_Task:_ Beginning at the top of the data below, restate every line word for word until the line containing "Character: 𢘾" has been included, and omit the pictures.

Stored data
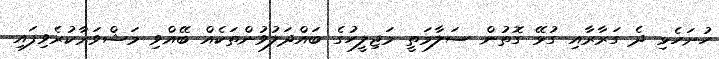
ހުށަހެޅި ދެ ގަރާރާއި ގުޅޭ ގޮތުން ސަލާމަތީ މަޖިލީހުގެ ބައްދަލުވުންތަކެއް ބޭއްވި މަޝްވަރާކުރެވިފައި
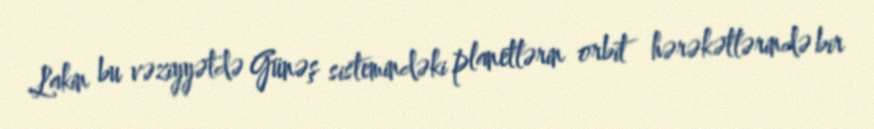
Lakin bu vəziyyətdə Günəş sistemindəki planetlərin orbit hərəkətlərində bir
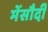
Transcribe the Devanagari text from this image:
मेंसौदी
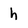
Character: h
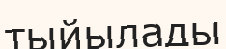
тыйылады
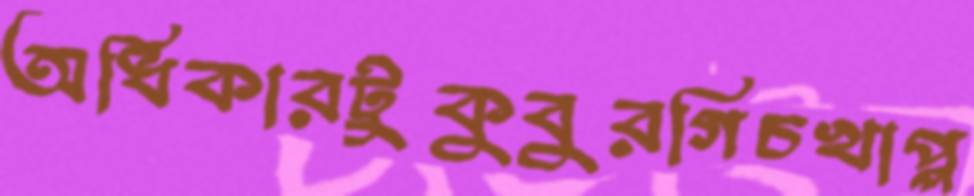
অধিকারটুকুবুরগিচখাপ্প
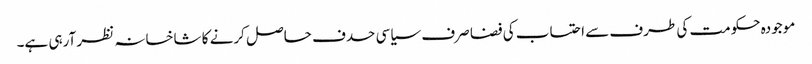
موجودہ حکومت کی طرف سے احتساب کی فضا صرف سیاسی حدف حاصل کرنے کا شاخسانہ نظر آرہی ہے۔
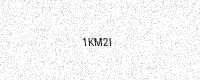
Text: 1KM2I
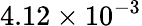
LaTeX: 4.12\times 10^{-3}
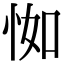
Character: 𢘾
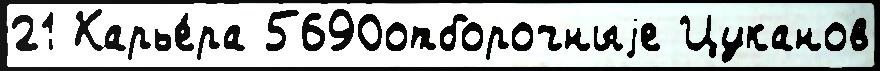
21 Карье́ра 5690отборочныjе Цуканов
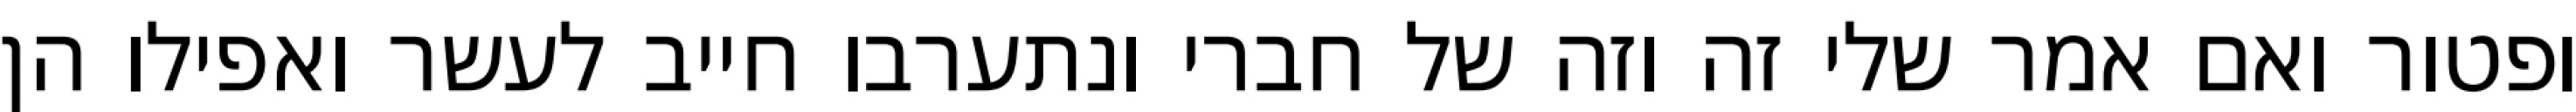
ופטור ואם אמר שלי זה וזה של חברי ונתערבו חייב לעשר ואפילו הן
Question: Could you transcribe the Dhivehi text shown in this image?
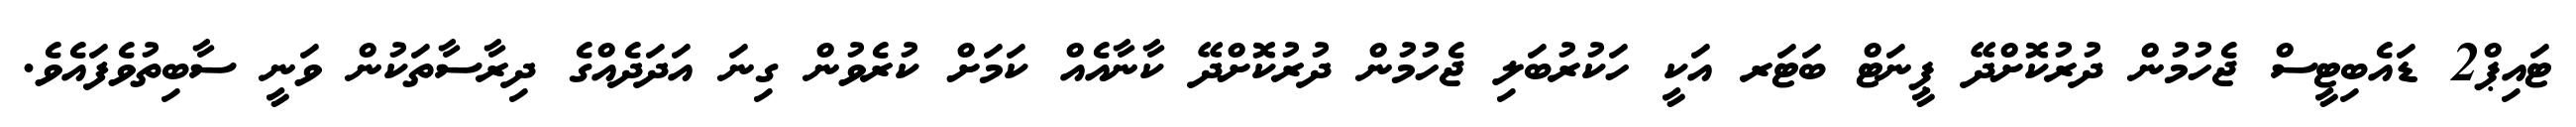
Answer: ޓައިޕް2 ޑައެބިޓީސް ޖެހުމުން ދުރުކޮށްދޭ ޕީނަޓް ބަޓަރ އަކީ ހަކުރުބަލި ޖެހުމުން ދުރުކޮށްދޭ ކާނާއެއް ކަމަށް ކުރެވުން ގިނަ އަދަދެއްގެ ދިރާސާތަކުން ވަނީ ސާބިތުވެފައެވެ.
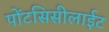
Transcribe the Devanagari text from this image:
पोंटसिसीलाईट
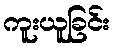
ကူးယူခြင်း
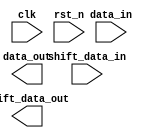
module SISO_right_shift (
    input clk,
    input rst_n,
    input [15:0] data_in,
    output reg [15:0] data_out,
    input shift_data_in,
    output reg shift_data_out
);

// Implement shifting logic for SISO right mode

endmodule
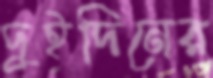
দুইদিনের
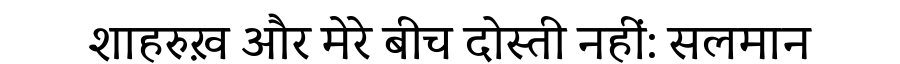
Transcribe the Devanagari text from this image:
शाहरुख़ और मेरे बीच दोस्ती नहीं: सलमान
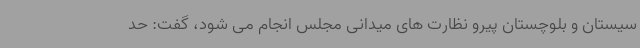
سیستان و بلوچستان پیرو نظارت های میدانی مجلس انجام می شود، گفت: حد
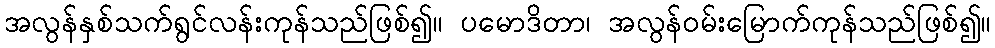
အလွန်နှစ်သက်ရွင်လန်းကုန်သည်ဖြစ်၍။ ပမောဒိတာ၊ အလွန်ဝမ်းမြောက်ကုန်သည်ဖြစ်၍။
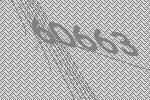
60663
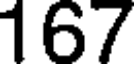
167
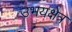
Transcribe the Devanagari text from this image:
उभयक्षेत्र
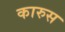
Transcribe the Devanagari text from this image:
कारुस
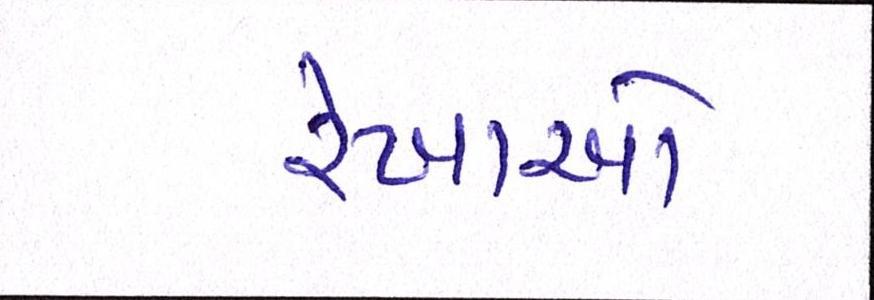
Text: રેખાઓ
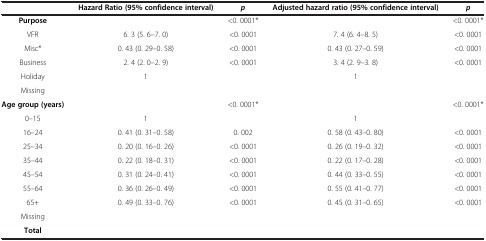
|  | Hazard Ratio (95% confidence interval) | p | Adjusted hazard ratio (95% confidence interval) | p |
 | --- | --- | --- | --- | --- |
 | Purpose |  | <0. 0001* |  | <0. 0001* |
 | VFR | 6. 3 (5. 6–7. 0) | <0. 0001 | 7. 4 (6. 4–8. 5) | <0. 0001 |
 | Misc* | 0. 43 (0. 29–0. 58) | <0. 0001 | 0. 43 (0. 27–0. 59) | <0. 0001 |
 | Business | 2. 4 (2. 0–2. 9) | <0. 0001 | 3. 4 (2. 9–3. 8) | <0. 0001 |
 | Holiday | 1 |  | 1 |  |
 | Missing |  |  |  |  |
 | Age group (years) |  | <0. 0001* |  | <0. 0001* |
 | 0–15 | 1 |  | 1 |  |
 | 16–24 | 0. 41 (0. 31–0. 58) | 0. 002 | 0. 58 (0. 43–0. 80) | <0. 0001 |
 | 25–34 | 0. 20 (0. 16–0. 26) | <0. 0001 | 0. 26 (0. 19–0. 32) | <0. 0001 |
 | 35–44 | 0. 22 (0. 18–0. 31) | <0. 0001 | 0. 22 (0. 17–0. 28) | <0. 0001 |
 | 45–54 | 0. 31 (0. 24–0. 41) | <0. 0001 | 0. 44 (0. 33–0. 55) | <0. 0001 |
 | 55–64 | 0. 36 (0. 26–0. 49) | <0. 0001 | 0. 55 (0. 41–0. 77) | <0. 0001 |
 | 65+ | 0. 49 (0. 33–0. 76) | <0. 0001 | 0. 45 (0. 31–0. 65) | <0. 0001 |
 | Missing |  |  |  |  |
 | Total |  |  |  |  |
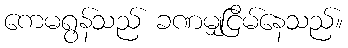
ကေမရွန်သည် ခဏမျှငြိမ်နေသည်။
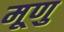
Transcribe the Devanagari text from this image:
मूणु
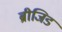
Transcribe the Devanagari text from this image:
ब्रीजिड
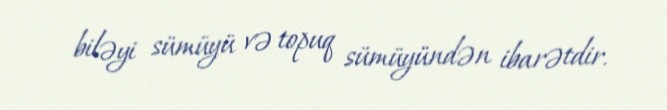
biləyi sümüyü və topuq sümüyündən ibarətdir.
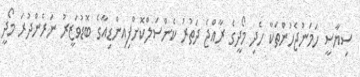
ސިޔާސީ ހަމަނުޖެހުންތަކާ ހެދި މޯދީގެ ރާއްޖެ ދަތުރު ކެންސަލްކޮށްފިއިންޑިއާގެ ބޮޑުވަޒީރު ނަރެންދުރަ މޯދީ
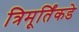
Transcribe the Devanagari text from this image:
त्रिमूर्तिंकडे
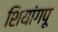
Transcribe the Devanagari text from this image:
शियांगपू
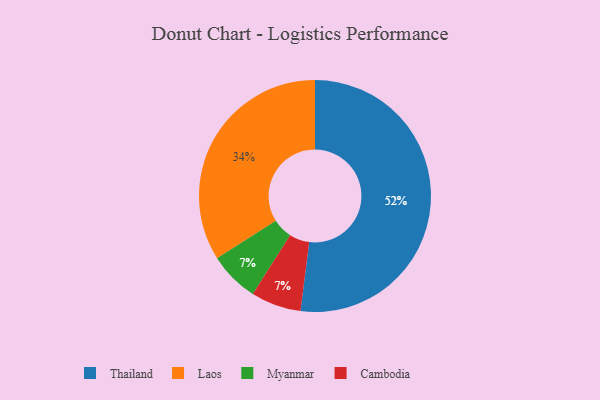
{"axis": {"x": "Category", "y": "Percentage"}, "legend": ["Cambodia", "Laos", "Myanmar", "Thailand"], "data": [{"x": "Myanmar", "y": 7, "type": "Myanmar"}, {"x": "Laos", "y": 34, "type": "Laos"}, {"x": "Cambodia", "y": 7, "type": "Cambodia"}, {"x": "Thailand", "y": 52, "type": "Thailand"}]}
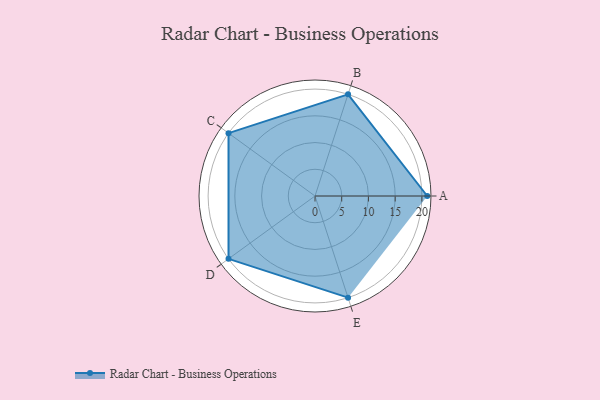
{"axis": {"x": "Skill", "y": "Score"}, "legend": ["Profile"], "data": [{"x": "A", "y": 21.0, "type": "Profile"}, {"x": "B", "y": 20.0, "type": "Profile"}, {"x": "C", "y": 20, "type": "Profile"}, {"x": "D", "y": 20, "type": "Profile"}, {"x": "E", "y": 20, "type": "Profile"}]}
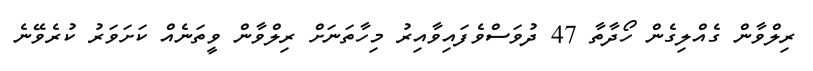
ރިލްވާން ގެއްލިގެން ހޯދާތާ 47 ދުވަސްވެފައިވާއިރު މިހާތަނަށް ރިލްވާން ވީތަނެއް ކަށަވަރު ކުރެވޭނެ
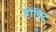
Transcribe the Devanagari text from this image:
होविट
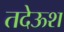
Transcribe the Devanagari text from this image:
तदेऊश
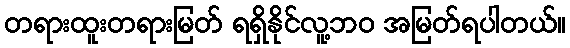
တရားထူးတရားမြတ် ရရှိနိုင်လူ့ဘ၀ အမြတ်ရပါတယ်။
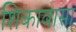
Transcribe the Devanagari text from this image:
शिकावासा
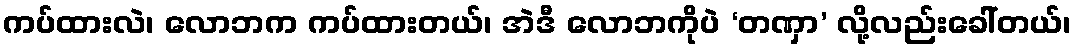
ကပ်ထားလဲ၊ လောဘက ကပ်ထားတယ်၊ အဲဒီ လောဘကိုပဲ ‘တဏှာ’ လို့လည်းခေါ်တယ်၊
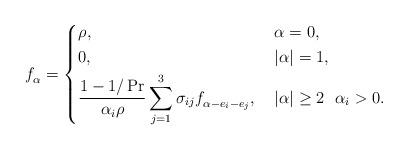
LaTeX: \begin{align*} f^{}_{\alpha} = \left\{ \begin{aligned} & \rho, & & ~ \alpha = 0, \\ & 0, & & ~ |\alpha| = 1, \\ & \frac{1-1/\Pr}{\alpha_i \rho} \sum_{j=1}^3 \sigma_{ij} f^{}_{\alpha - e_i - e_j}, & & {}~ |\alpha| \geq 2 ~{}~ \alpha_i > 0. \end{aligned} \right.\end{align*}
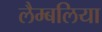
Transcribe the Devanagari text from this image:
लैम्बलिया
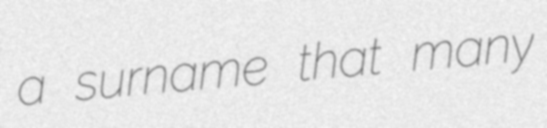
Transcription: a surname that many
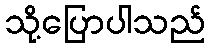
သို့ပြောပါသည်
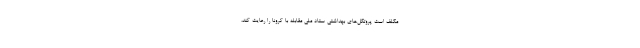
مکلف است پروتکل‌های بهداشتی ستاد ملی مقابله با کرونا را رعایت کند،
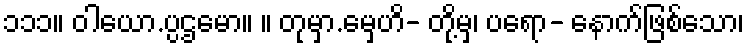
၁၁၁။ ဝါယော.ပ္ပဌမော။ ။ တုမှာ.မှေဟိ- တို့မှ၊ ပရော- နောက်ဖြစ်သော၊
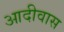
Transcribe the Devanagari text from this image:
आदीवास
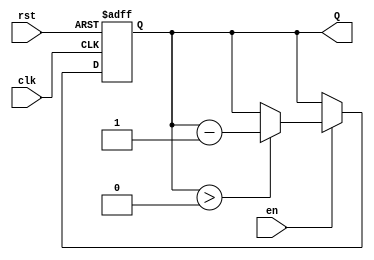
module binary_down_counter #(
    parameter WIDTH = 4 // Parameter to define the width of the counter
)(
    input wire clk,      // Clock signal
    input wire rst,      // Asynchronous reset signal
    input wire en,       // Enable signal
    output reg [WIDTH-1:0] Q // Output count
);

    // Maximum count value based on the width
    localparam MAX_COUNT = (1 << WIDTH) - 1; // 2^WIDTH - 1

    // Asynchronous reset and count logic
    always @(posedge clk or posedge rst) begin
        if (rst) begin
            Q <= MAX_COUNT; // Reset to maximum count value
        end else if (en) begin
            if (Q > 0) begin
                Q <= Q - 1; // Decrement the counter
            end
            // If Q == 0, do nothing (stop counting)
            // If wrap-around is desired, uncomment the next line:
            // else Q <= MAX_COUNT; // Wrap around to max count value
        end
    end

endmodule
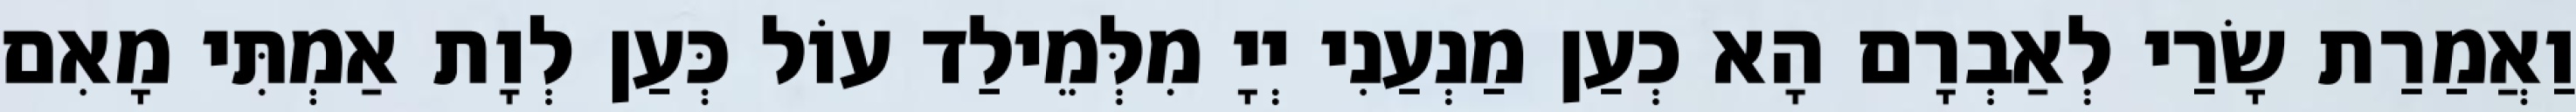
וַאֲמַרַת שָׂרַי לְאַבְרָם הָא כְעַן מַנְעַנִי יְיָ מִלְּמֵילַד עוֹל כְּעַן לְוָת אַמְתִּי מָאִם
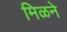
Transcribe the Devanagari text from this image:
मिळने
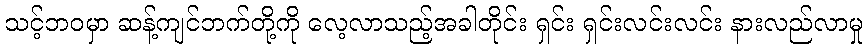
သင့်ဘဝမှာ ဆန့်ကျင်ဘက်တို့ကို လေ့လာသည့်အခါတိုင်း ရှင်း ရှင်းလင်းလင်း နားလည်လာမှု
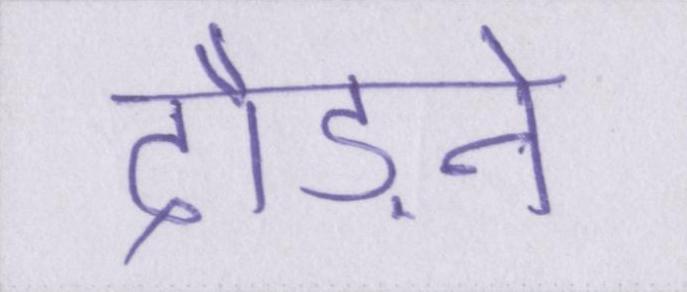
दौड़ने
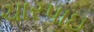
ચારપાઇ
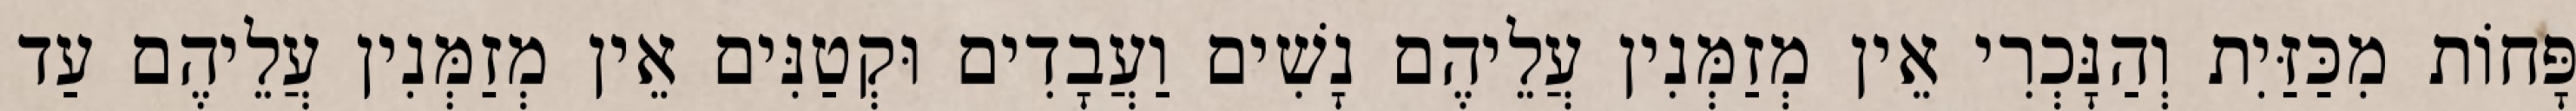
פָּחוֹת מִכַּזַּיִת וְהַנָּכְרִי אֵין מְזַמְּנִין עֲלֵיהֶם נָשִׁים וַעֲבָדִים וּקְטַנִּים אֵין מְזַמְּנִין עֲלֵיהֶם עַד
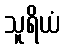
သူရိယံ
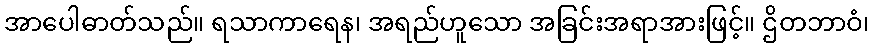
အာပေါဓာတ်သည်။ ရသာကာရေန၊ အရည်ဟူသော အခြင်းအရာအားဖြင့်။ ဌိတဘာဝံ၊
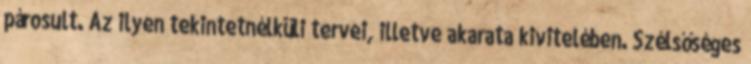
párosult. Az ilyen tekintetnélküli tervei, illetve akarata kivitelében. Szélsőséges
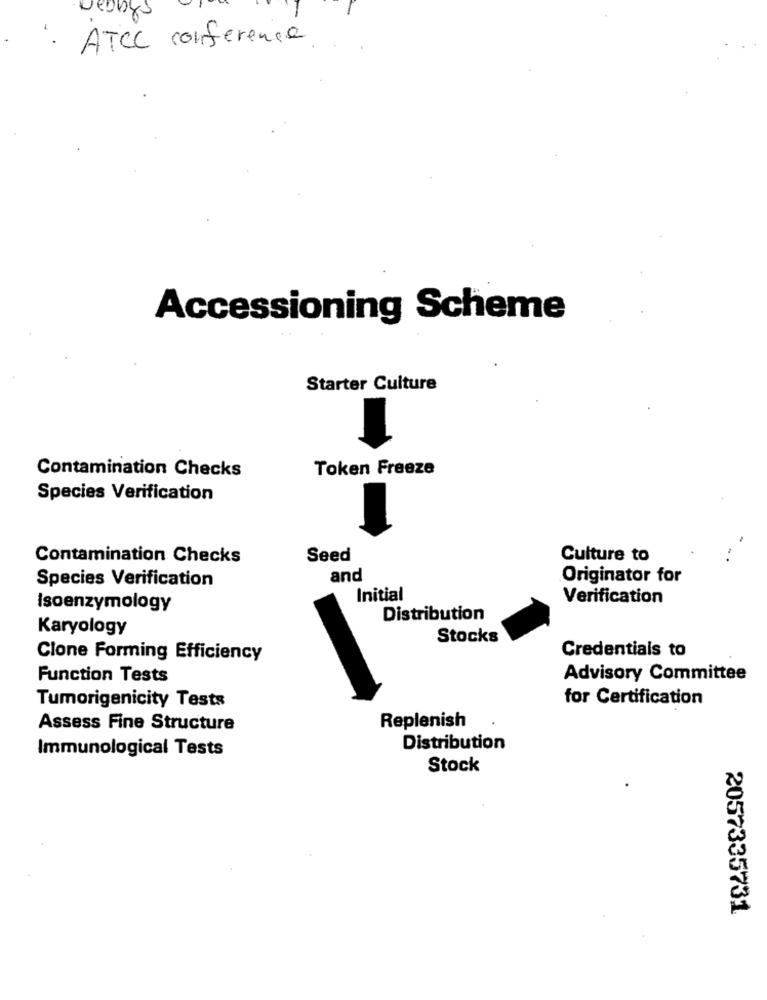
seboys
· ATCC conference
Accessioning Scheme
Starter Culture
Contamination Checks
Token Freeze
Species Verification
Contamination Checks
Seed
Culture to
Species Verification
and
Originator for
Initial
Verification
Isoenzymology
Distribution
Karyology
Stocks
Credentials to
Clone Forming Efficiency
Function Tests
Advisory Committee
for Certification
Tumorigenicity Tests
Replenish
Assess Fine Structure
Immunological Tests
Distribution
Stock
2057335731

_Answer area:_
ހުށަހެޅި ދެ ގަރާރާއި ގުޅޭ ގޮތުން ސަލާމަތީ މަޖިލީހުގެ ބައްދަލުވުންތަކެއް ބޭއްވި މަޝްވަރާކުރެވިފައި
Lakin bu vəziyyətdə Günəş sistemindəki planetlərin orbit hərəkətlərində bir
Transcribe the Devanagari text from this image:
मेंसौदी
Character: h
тыйылады
অধিকারটুকুবুরগিচখাপ্প
موجودہ حکومت کی طرف سے احتساب کی فضا صرف سیاسی حدف حاصل کرنے کا شاخسانہ نظر آرہی ہے۔
Text: 1KM2I
LaTeX: 4.12\times 10^{-3}
Character: 𢘾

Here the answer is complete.